Die mechanische Invasion: Wie chinesische Robotik Großbritanniens Produktivitätslähmung heilt
Während westliche Politiker über Handelsprotektionismus und Gewerkschaftsforderungen besorgt sind, halten autonome Roboter aus Hefei den britischen Einzelhandel still und leise über Wasser.
Großbritanniens Produktivität stagniert seit einem Jahrzehnt, ein hartnäckiges wirtschaftliches Unwohlsein, das die politischen Entscheidungsträger nicht beheben konnten. Doch in den riesigen Logistikzentren des Landes behebt eine importierte Arbeitskraft still und leise den Mangel. Gedrungene, silberne autonome Roboter aus der chinesischen Stadt Hefei tragen die Last des britischen Einzelhandels. Bekannte Namen wie Tesco, Asda und Next verlassen sich zunehmend auf diese mobilen Maschinen, um Lagerhallen zu durchqueren, schwere Lagerregale anzuheben und sie menschlichen Packern zuzuführen.
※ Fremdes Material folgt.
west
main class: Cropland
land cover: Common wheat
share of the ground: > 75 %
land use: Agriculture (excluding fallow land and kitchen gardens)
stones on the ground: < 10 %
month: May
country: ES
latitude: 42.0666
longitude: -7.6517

Der Lieferant hinter diesem Zustrom ist Geek+, das 2025 bei einem der größten Börsengänge im Bereich Robotik in Hongkong an die Börse ging, um zum weltweit größten Anbieter autonomer mobiler Roboter zu werden. Für britische Einzelhändler ist die Attraktivität rein mathematisch. Im Gegensatz zu älteren Automatisierungslösungen, die massive Investitionsausgaben für permanente Förderanlagen erfordern, arbeiten diese agilen Einheiten mit einfachen QR-Code-Bodenmarkierungen. Sie ermöglichen es Unternehmen, Lagerflächen zu verdichten und die Verarbeitungsgeschwindigkeiten zu beschleunigen, während sie gleichzeitig die akuten Arbeitskräftemängel im Vereinigten Königreich umgehen. MotionTech, der britische Partner von Geek+, hat über 2.000 Einheiten an zehn Lagerstandorten eingesetzt.
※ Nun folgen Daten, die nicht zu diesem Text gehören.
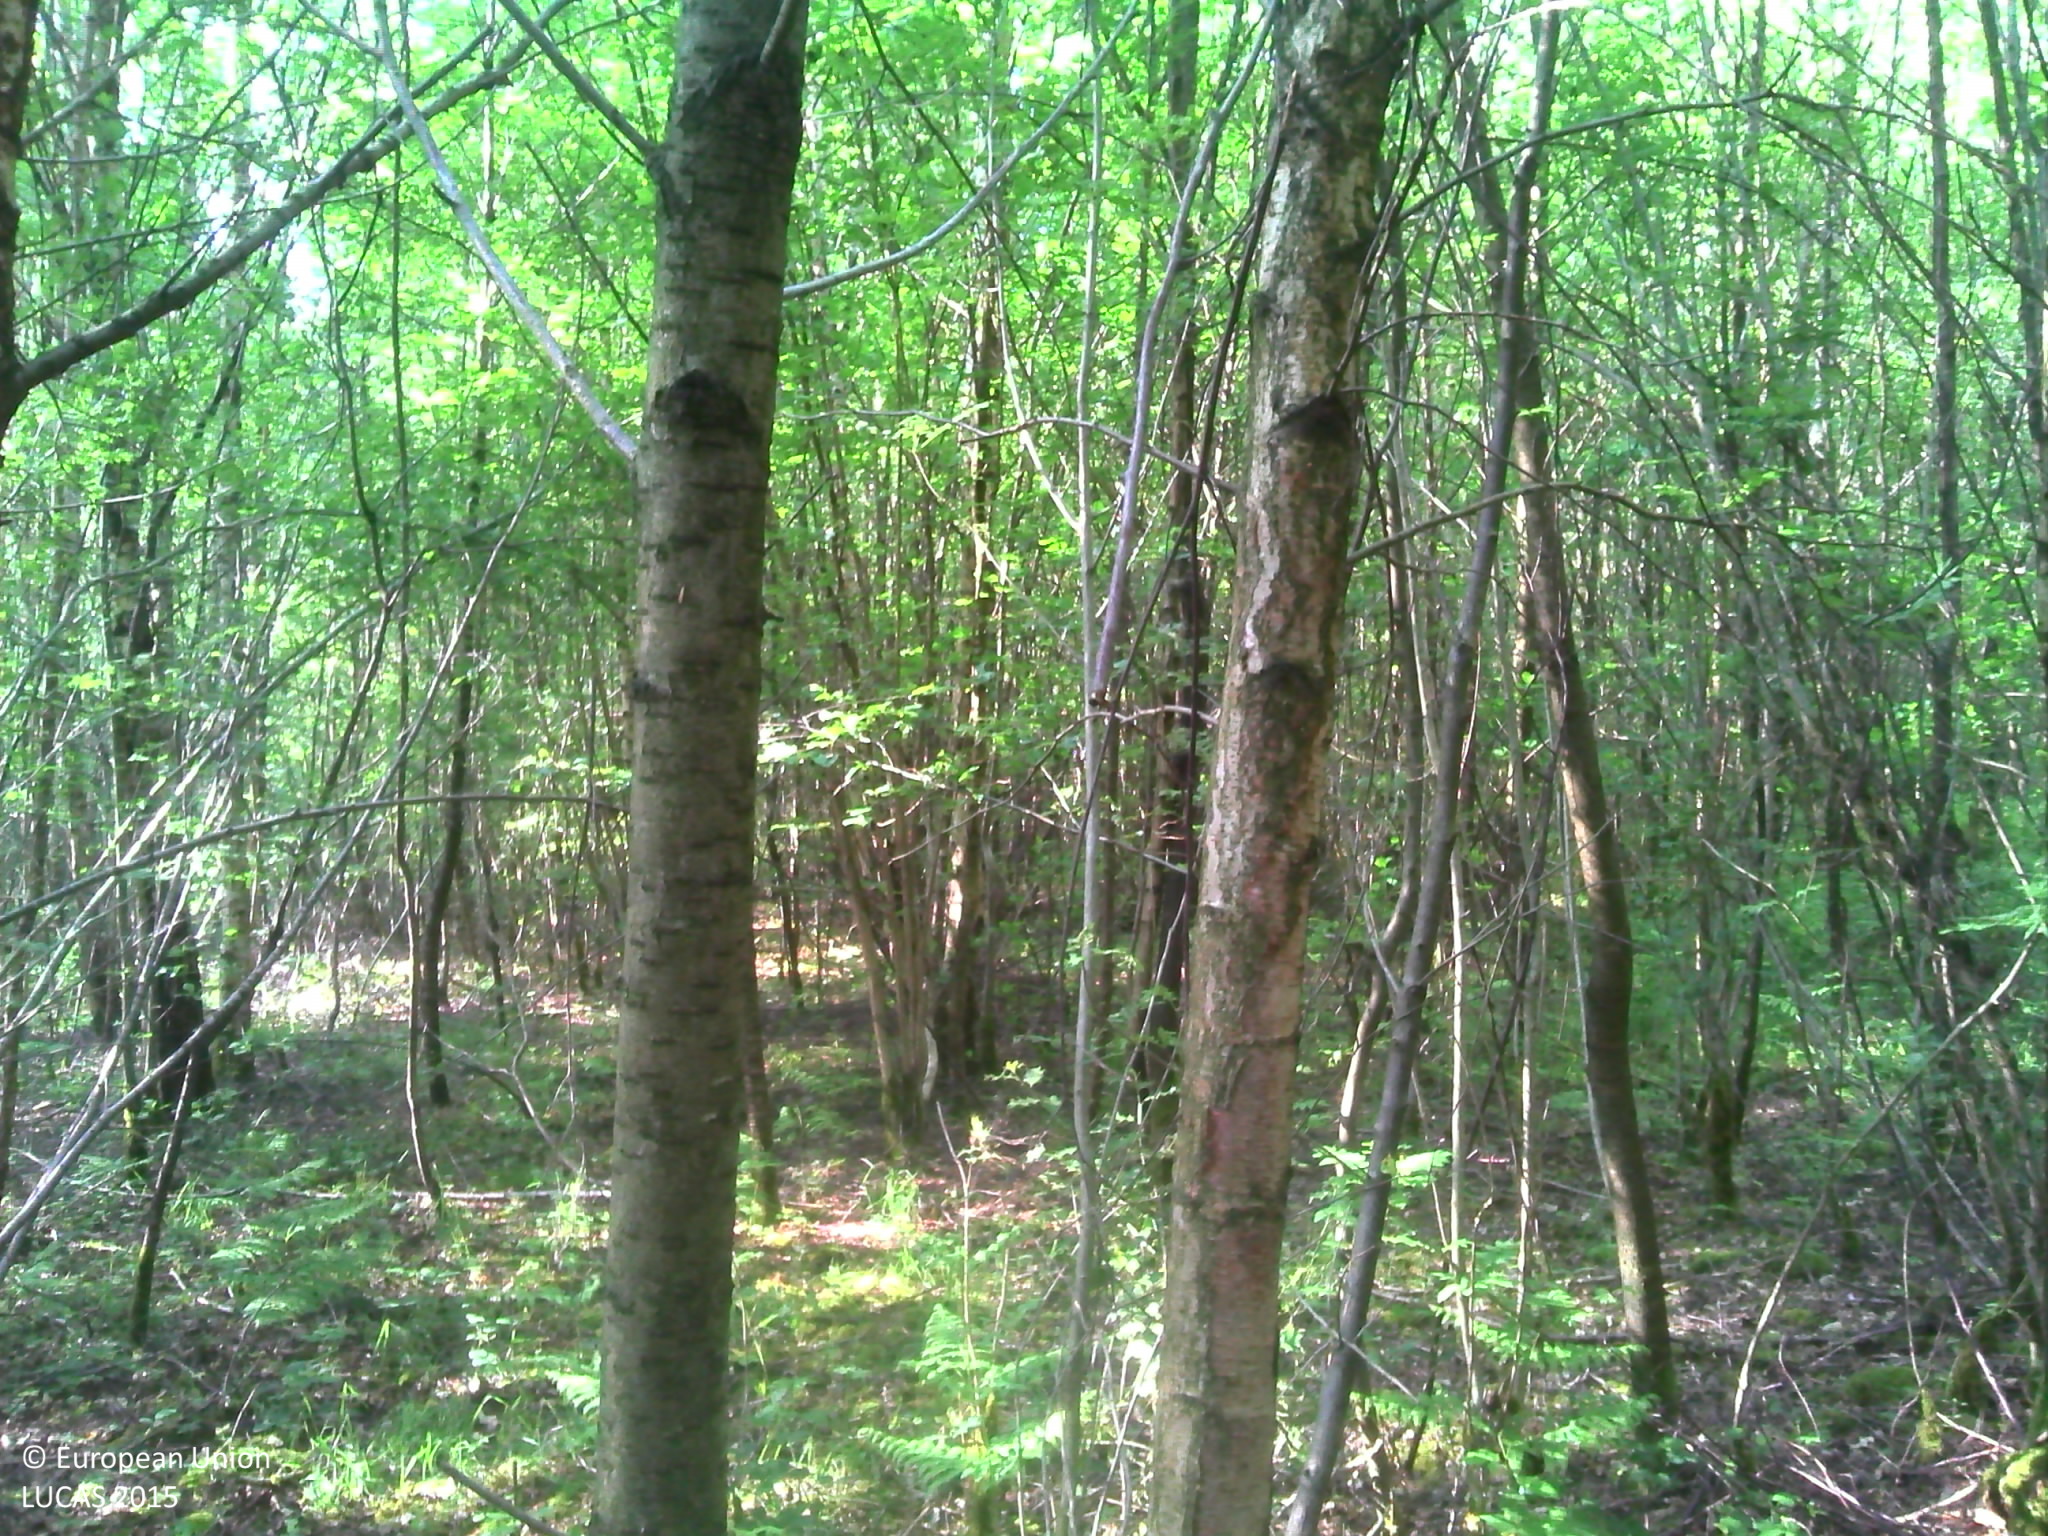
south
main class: Woodland
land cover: Broadleaved woodland
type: acidophilous oak and oak-birch forest
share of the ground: > 75 %
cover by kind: broadleaved forest trees 100 %
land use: Forestry
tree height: > 5 m
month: June
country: BE
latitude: 50.0366
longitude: 4.5650

Dieser Wandel verdeutlicht einen eklatanten Widerspruch in der britischen Wirtschaft. Trotz einer reichen Industriegeschichte war das Vereinigte Königreich bei der Einführung physischer Automatisierung bemerkenswert träge. Die Organisation für wirtschaftliche Zusammenarbeit und Entwicklung hob dieses Paradoxon in einem Bericht von 2026 hervor und stellte fest, dass, während britische Unternehmen digitale Software nutzen, ihre Zurückhaltung bei Investitionen in Robotik überraschend ist. Verständlicherweise betrachtet die organisierte Arbeitnehmerschaft diesen pragmatischen Wandel mit tiefem Misstrauen. Der Trades Union Congress hat die Regierung kürzlich aufgefordert sicherzustellen, dass die Automatisierung den Erhalt von Arbeitsplätzen Vorrang vor Personalabbau einräumt. Solche Forderungen bieten Logistikunternehmen, die in einem chronisch angespannten Arbeitsmarkt Schwierigkeiten haben, Personal zu finden, wenig Trost.
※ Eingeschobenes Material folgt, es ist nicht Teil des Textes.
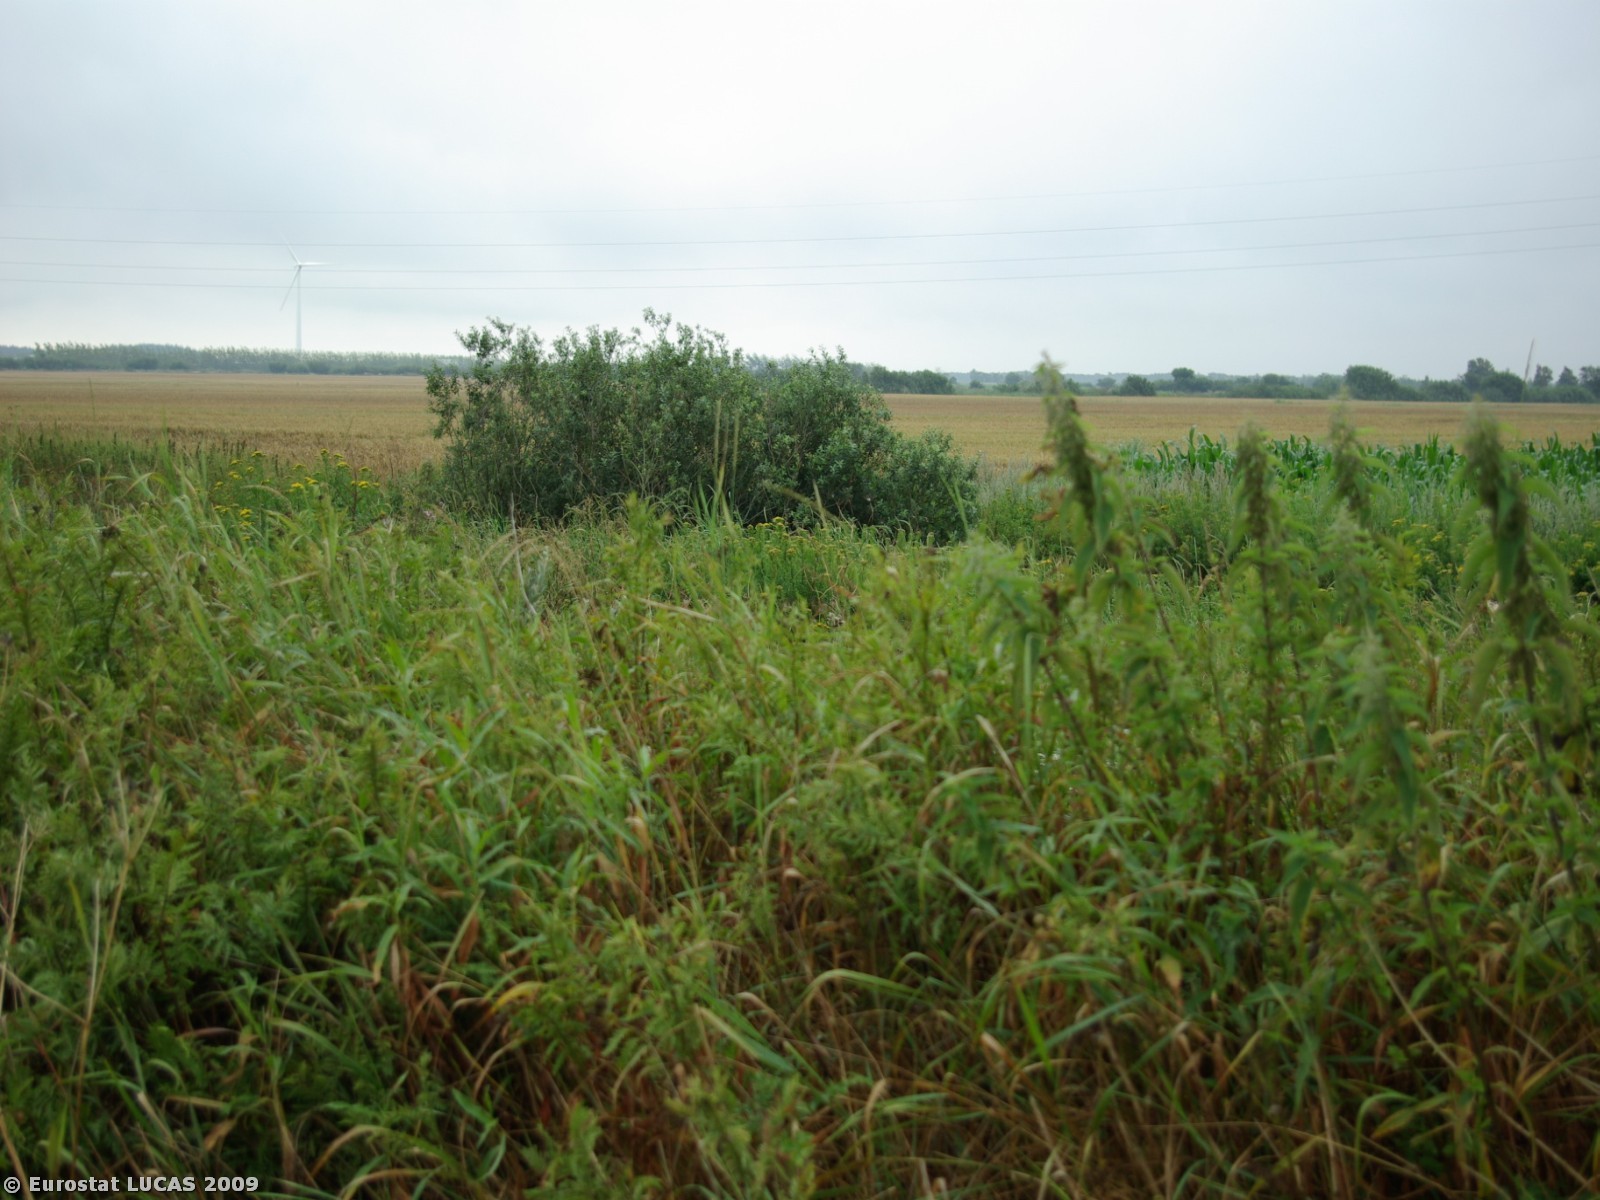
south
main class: Cropland
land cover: Rye
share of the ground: > 75 %
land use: Agriculture (excluding fallow land and kitchen gardens)
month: July
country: DK
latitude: 55.0669
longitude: 8.7326

Während Großbritannien lediglich als Konsument dieser Technologien agiert, betrachtet Peking Robotik als zentrales strategisches Gebot. Angesichts einer schrumpfenden erwerbsfähigen Bevölkerung sieht die chinesische Regierung die Automatisierung als wesentlichen Motor zur Aufrechterhaltung ihrer globalen Fertigungsdominanz. Dieses Ziel stützt sich auf etablierte Lieferketten für Elektrofahrzeuge, wobei Batterien und Sensoren nahtlos wiederverwendet werden. Der chinesische Elektrofahrzeughersteller XPeng stellte letztes Jahr einen humanoiden Roboter namens Iron vor, wobei sein Gründer die Absicht des Unternehmens bekundete, sich zu einem breiteren Robotikunternehmen zu entwickeln.
Geopolitische Reibungen, die durch diese Dominanz entstehen, sind bereits sichtbar. Washington hat kürzlich die Einfuhr fortschrittlicher, im Ausland hergestellter Roboter unter Berufung auf nationale Sicherheitsbedenken verboten. Die chinesische Botschaft in Washington wies das Verbot zurück und erklärte, dass Peking sich seit langem dagegen wehrt, dass die USA Handelsfragen und Sanktionen auf unbegründeten Vorwänden politisieren.
Unbeeindruckt vom amerikanischen Protektionismus planen chinesische Entwickler die nächste Phase: völlig unbemannte Lagerhallen. Firmen wie AgiBot und Unitree investieren Kapital in humanoide Roboter, die für den Betrieb in für Menschen gebauten Umgebungen konzipiert sind. Während westliche Politiker die sozioökonomischen Auswirkungen einer mechanisierten Arbeitskraft diskutieren, exportiert China fleißig die Lösung.